Please find the line that holds "a minecraft structure of: TOBI CHIBI" below and reproduce it, along with every line after it through the end, exactly and without pictures.

***** EXCERPTED DATA

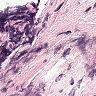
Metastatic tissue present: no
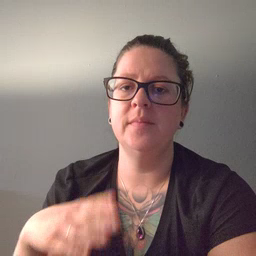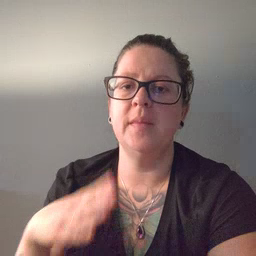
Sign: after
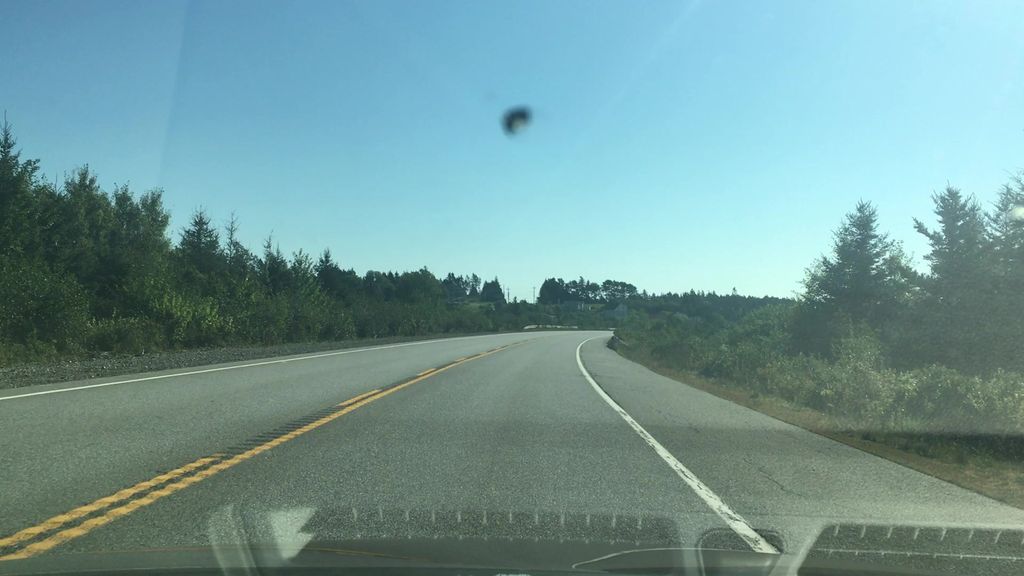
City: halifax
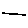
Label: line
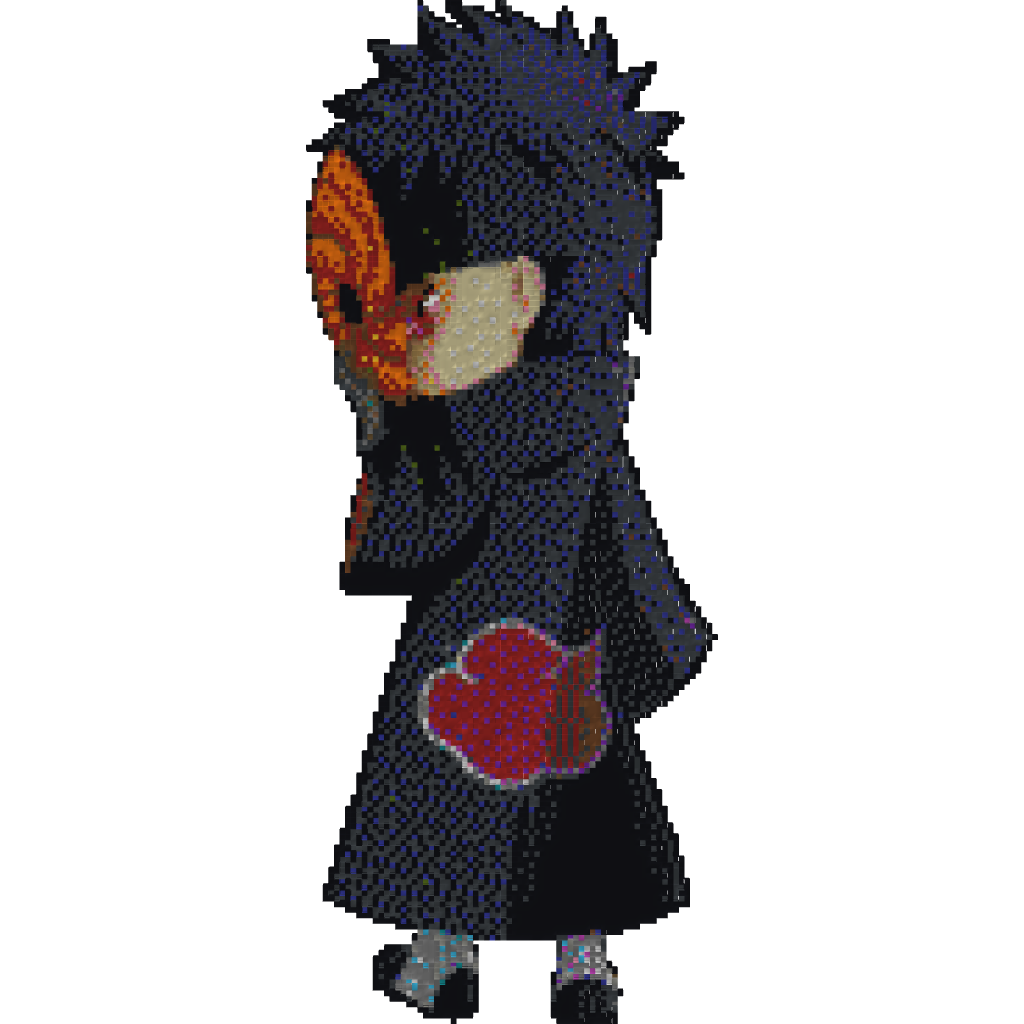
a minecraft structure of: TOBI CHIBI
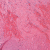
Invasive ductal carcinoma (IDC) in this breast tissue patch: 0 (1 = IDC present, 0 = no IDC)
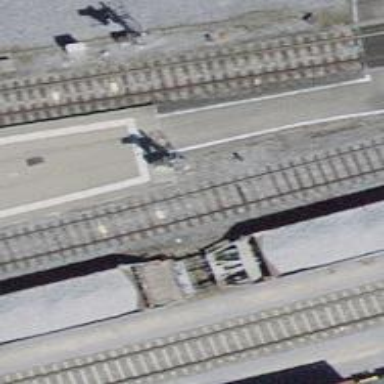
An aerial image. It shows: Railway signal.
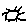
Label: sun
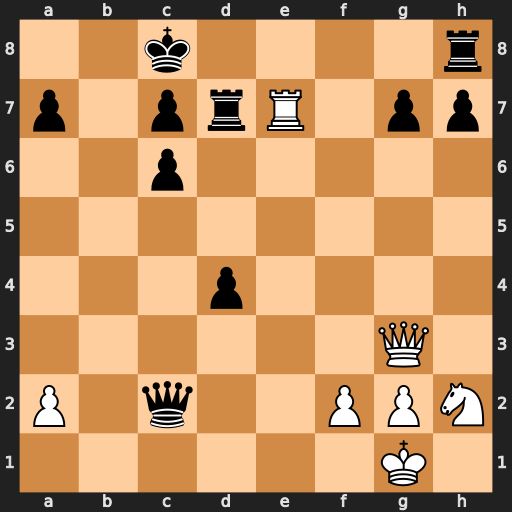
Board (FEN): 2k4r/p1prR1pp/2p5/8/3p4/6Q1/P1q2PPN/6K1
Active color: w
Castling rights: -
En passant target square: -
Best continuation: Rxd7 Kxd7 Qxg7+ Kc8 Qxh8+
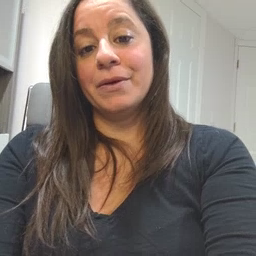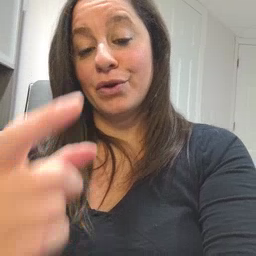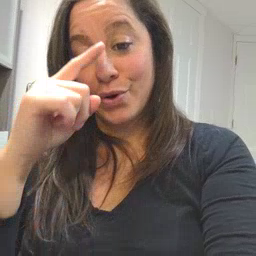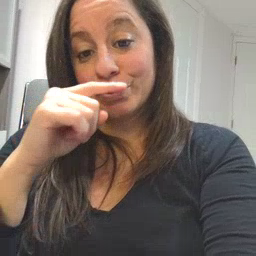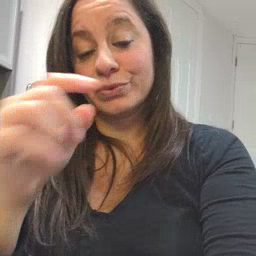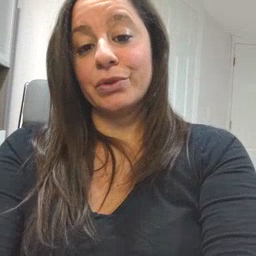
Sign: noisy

**********

● RESULT BELOW
a minecraft structure of: TOBI CHIBI
Invasive ductal carcinoma (IDC) in this breast tissue patch: 0 (1 = IDC present, 0 = no IDC)
An aerial image. It shows: Railway signal.
Label: sun
Board (FEN): 2k4r/p1prR1pp/2p5/8/3p4/6Q1/P1q2PPN/6K1
Active color: w
Castling rights: -
En passant target square: -
Best continuation: Rxd7 Kxd7 Qxg7+ Kc8 Qxh8+
Sign: noisy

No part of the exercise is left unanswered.